1. design needs artifacts

if the only design input is a paragraph in a prompt, the implementation agent will reinterpret it however it likes the second it encounters friction.

you need files.

design-brief.md
DESIGN.md
component-rules.md
anti-patterns.md
ux-flows.md
state-inventory.md
page-structure.md

once the system has to answer to concrete rules instead of a hazy aspiration, the excuses get thinner.

2. design needs separation

the same brain cannot invent the aesthetic and excuse its erosion in code. that is how mediocrity launders itself into “good enough.”

design and implementation are different kinds of judgment.

engineers hate hearing this because they prefer one-loop control. but if the output keeps coming back as tasteful sludge, maybe one-loop control is the problem.

3. design needs a veto

this is the one most people skip because they want harmony. harmony is how you ship the wrong thing faster.

if a reviewer cannot say fail, the review is decorative.

and if the implementation loop does not restart from that failure, the whole workflow is just premium-flavored self-delusion.

the bigger point

people keep asking how to make agents “have better taste.” i think that question is mostly wrong.

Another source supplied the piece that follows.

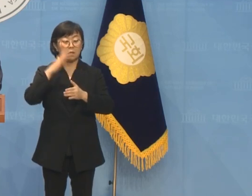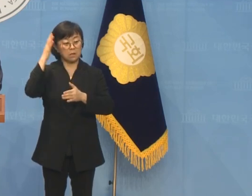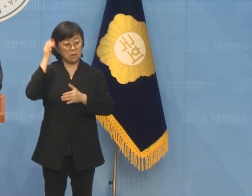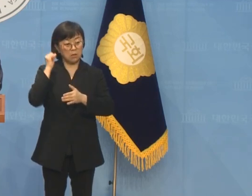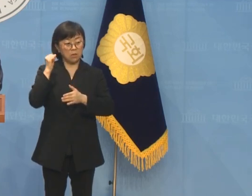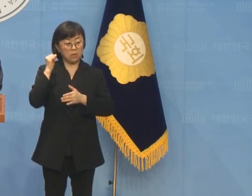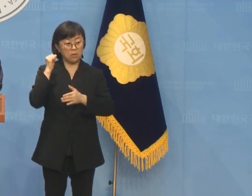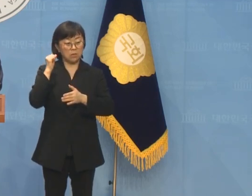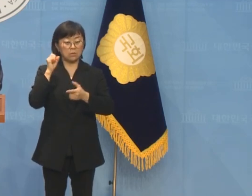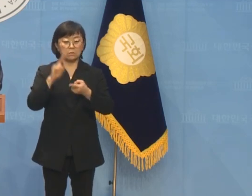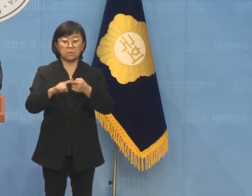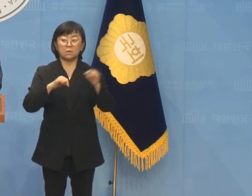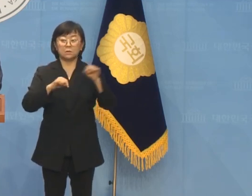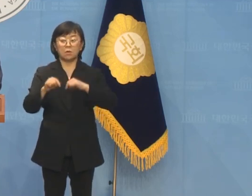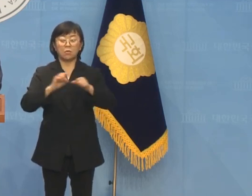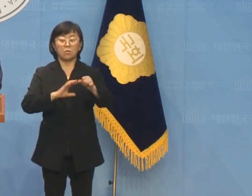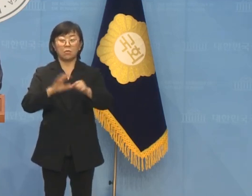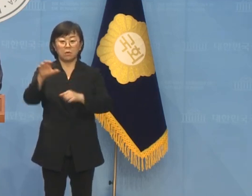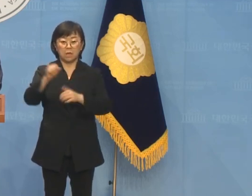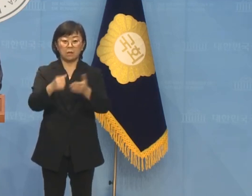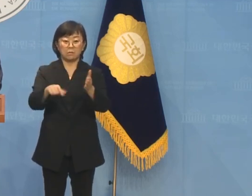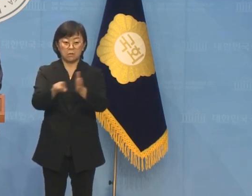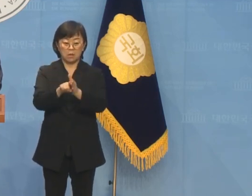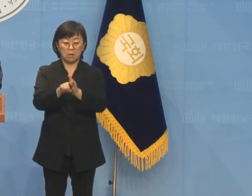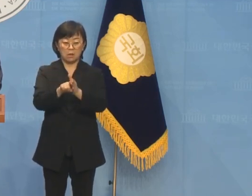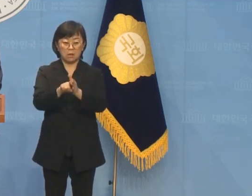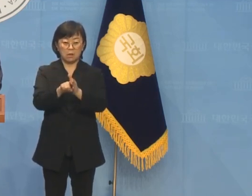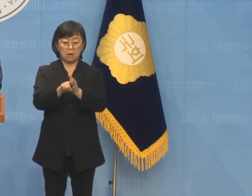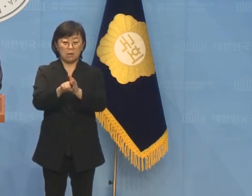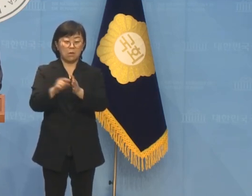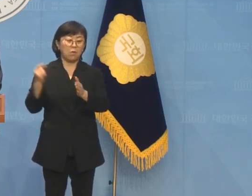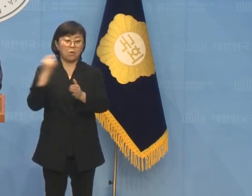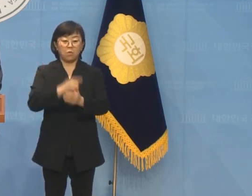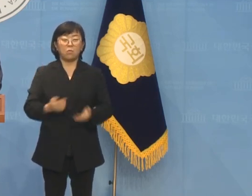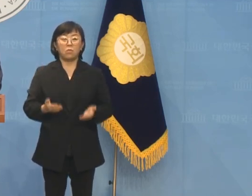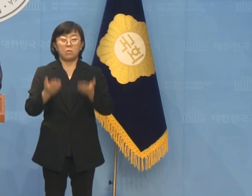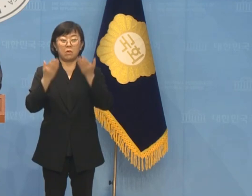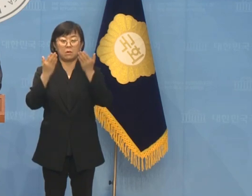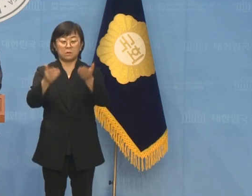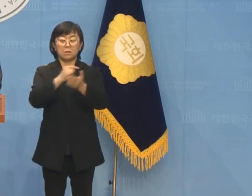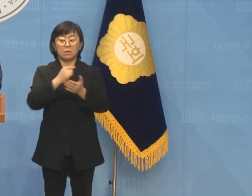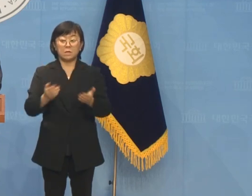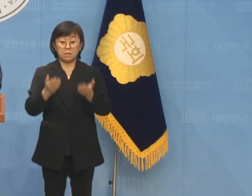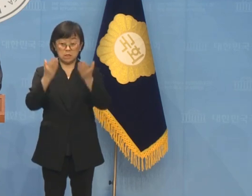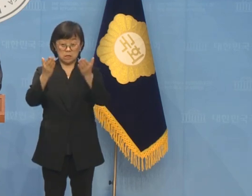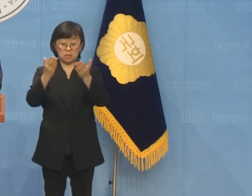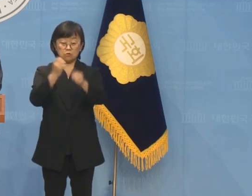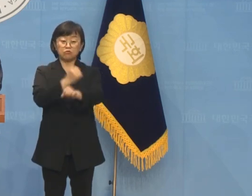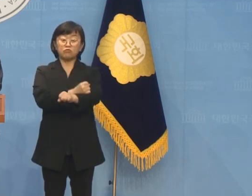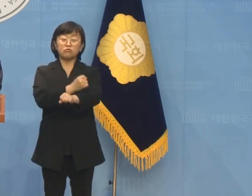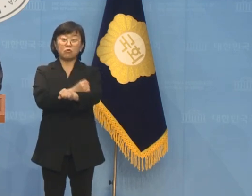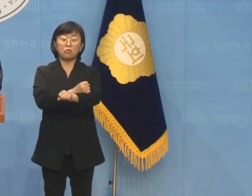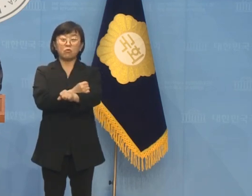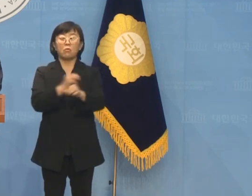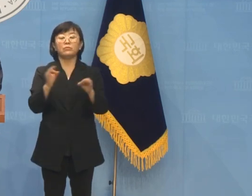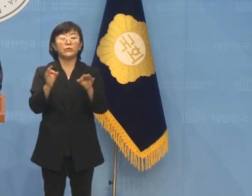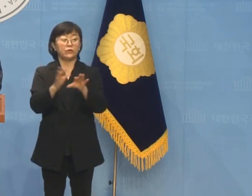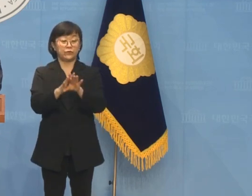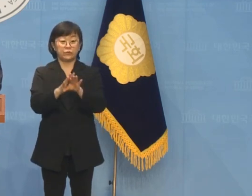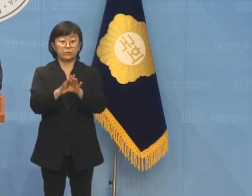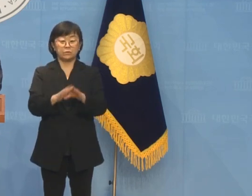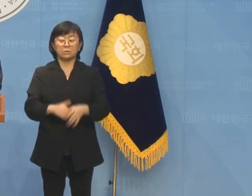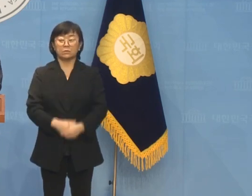정권 탈환을 위해 기꺼이 온몸을 불살랐던 헌신과 기여는 다 어디에 갔습니까?
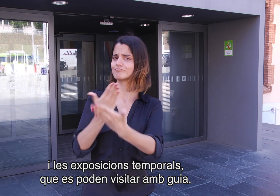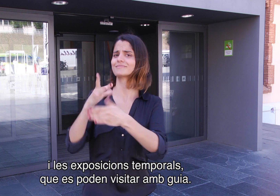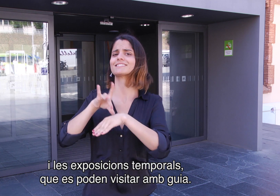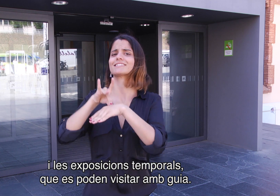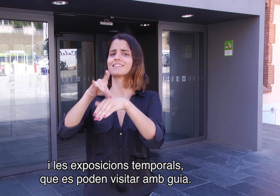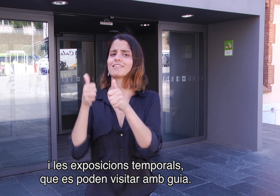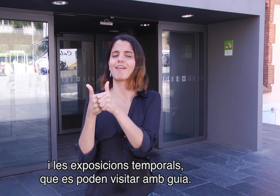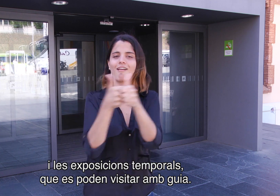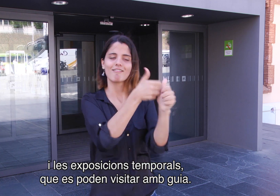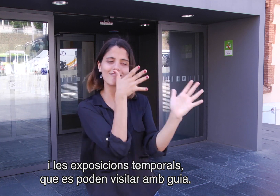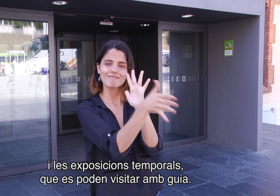que es poden visitar amb guia.

you do not get durable quality by hoping the machine becomes an art director through exposure therapy. you get it by building a process where weak design cannot sneak through unchecked.

that means:

explicit design authority
explicit UX authority
explicit anti-patterns
explicit review criteria
explicit fail states

in other words, governance.

this sounds less romantic than “give the model a cooler system prompt,” but romance is how you end up with another interface made of rounded black cards and vague cyber-language.

the uncomfortable truth

most bad agent UI is not bad because the model lacks references.

it is bad because the workflow lets engineering eat the room.

engineering is excellent at making the thing exist. it is terrible at noticing when the thing feels dead while still technically working. if you do not separate those powers, the implementation instinct wins every time.

and the implementation instinct is conservative as hell.

where this goes next

i packaged the design-subagent workflow into a reusable skill so the roles, prompt generation, artifact contract, and review loop can be reused on future projects. the real test is not a one-off pass. the real test is whether the workflow keeps forcing drift into the open across very different products.

that is the only benchmark i care about.

not whether the agent can occasionally luck into a sharp interface.

whether the process can reliably prevent the dumbest design regressions before they ship.

because that is the whole game.

if you want design quality from agents, stop treating design like seasoning sprinkled on top of implementation. give it teeth.